Tuesday, January 24, 2012

New View on Racing and Goal Setting

I've "finished" a lot of things these past two years; 3 Half Marathons, 1 Super Sprint Tri, 1 Indoor Tri, 2 Sprint Tri's (one was not USAT sanctioned and I could keep my feet down I was so close to shore, so I only count it as having had the guts to get into the water).  Somehow, I find myself turning a new chapter, looking for the next level of motivation.  Finishing the race doesn't do it for me anymore.  I have that "been there, done that" feeling when I think about "finishing".

I set out early in the fall determined that this would be the year to track my "personal bests" and keep beating myself, and I still intend to do that, but I feel a bit redundant in the goal, since each of the previous event times and statistics have been better than the one prior...

Tonight I pulled out the overall stats from the Tri's that I've been in.  Before I began to review them, I had devised this objective in my mind that I was going to finish 2 of the 3 Sprints I enter this season in the top 10 of my gender/age bracket.  As I began to review the papers in front of me, my heart sank.  My God, the swim legs for the top 10 finishers in the events I've previously entered are so fast, more than two thirds less than my times!  I could probably beat the bike and run times today for each of the my previous Tri events, but the water, the swim, how am I going to knock my time by two thirds just to give myself a shot at the next two legs and a top 10 finish.  How am I going to build that kind of speed?  That means I have to be in the thick of the activity in the water, I have to swim on the inside and wrap around the buoys as tight as I possibly can so I'm not swimming more lake real estate than necessary, I'll be swum over and probably have to swim over others in order to accomplish this time.  I'll be in the wake of the other swimmers, rough water, dark water, all those things that I could not fathom only two short years ago.  I'm not worried about the doing of the distance, I can see the light at the end of that tunnel; I can count the laps at the pool and see that I'm able to get more distance already.  But speed, how am I going to manage that?

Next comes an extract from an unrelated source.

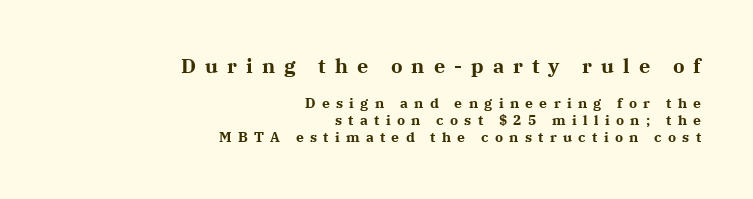
Weight check: bold — yes, fully. The passage shown begins with its larger block and ends with its smaller one. The text block is weighted toward the right margin, trailing off unevenly leftward. This sample uses expanded letter spacing, leaving extra air between glyphs. In terms of posture, this sample is upright. Just letters on the line, the space beneath them empty.

The question of speed kept floating around my head as I studied my records, "how am I going to pull this off, to get my swim leg done in under 10 minutes on a Sprint?  What kind of training do I have to put in?"  Finally I turned the question around to "How will I best accomplish this goal?"  Maybe now that I'm not trying to justify the insanity of my goal anymore I'll be able to follow the path to accomplishing it.

1 comment:

  1. I don't have an answer, but an ad slogan came to mind when I read this because I know you will do it :)

    It doesn't actually get easier, you just keep getting better.